Kennebec River – Lockwood Dam Site Visit: A CX3 Portland Event
TU’s Kennebec Valley Chapter—and many partners–have been advocating to reopen the mainstem Kennebec and its tributaries to Atlantic salmon and other native sea-run fish for more than 30 years. Since the precedent-setting removal of the Edwards Dam in 1999 and the Fort Halifax Dam in 2008, the Kennebec has been a tale of two rivers.

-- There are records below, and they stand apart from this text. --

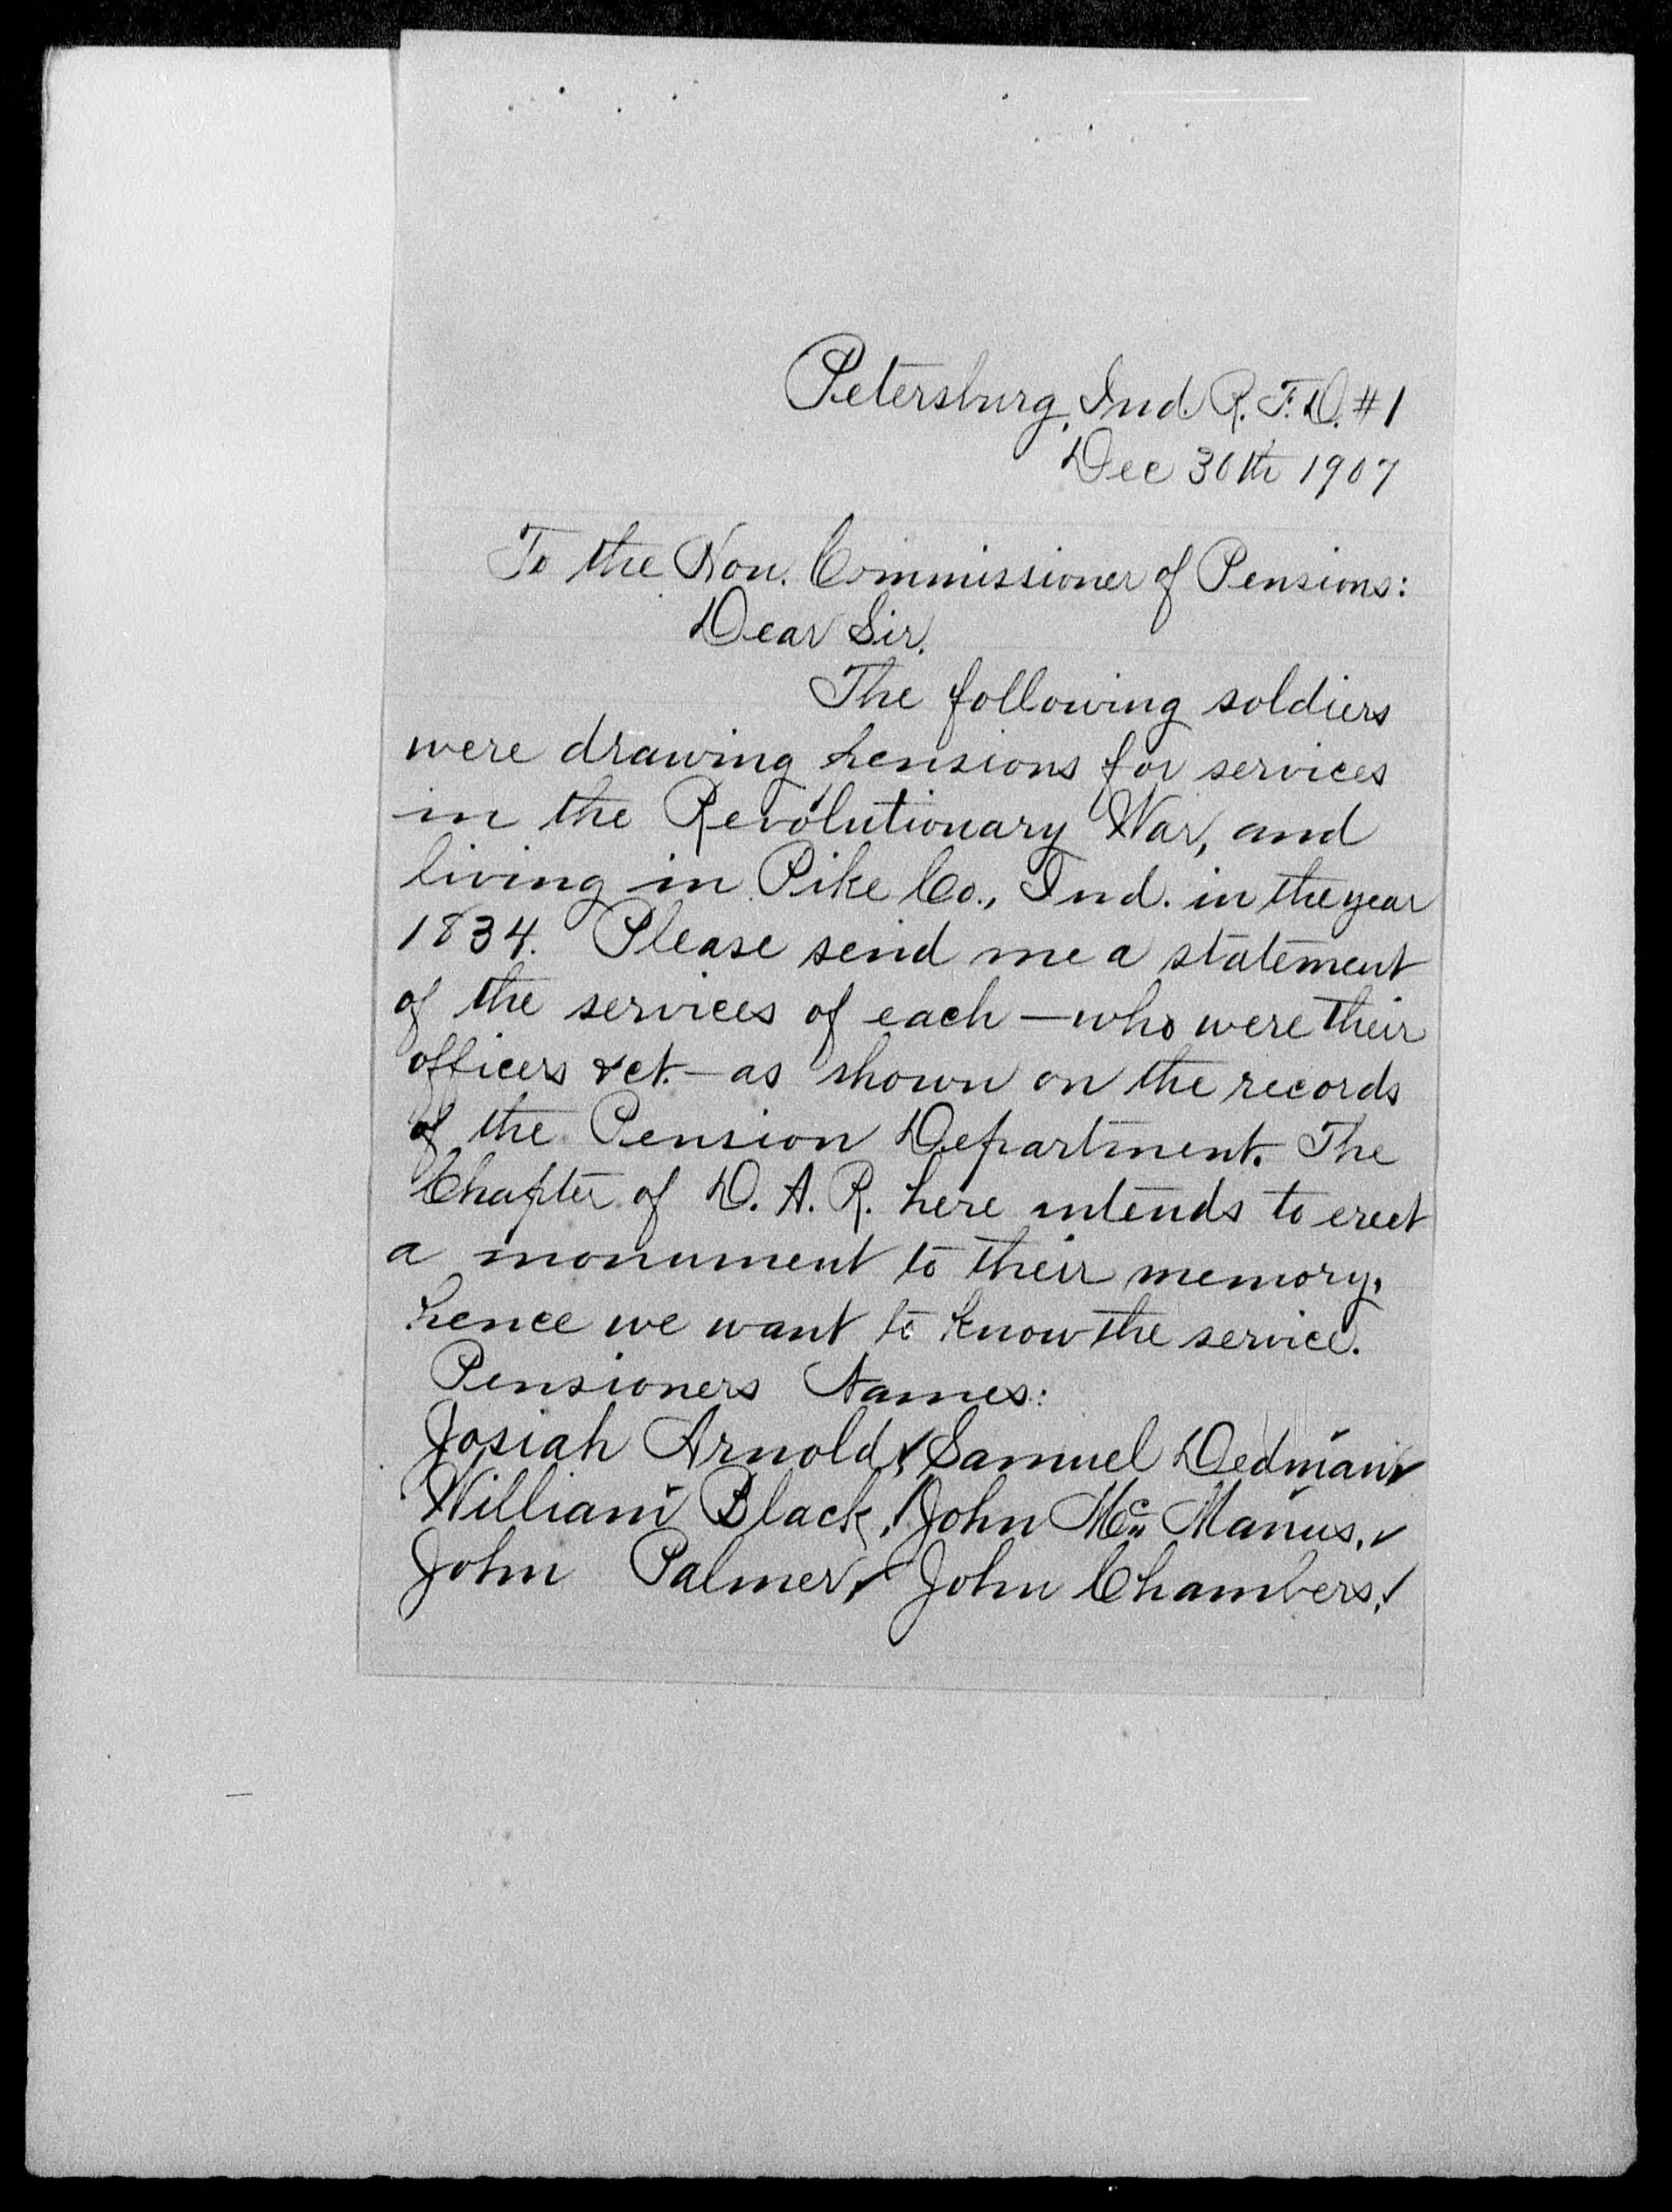Petersburgh, Ind. R. F. D. #1
Dec 30th 1907
To the Hon. Commissioner of Pensions:
Dear Sir,
The following soldiers were drawing pensions for services in the Revolutionary War, and living in Pike Co. Ind. in the year 1834. Please send me a statement of the services of each --- who were their officers &ct. --as shown on the records of the Pension Department. The Chapter of D. A. R. here intends to erect a monument to their memory, hence we want to know their service. Pensioners names: Josiah Arnold, Samuel Dedman, William Black, John McManus, John Palmer, John Chambers

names: John Chambers, Samuel Dedman, William Black, John Palmer, John Mc Manus, Josiah Arnold
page: 47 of 49
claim: widow's
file: W. 2518, James Brenton, Va.

In the lower Kennebec and the Sebasticook River—below the Lockwood Dam—the Kennebec has seen the recovery of endangered shortnose and threatened Atlantic sturgeon and the largest run of river herring on the East Coast, the development of a thriving fishery for restored American shad, and an ecological renaissance that brings seals more than 40 miles into freshwater and hosts the largest concentration of juvenile bald eagles on the east coast when the river herring are running in May and June.
That ends at a failed fishlift on the Lockwood Dam, above which the only restoration or recovery has come from a trapping and trucking Atlantic salmon more than 40 miles around the Lockwood and three more dams to the Sandy River. We’ll visit the Lockwood Dam, where staff from the Maine Department of Marine Resources will explain how they’ve restored the largest documented run of salmon smolts in Maine to the Sandy, and we can see first-hand some of the problems with the fish lift.
During the tour, we will hear from Jeff Reardon, Maine Brook Trout Project Director, Trout Unlimited, John Burrows, US Director, Atlantic Salmon Federation, Paul Christman, Biologist, Maine Department of Marine Resources, and Steve Brooke, Conservation Chair of the Kennebec Chapter.
Our second stop will be at the former site of the Edwards Dam and talk with TU volunteers and staff from our partner organizations about the Kennebec’s remarkable recovery below Lockwood and the potential to add Atlantic salmon to the list of restored species if we can get fish past the four lower Kennebec dams.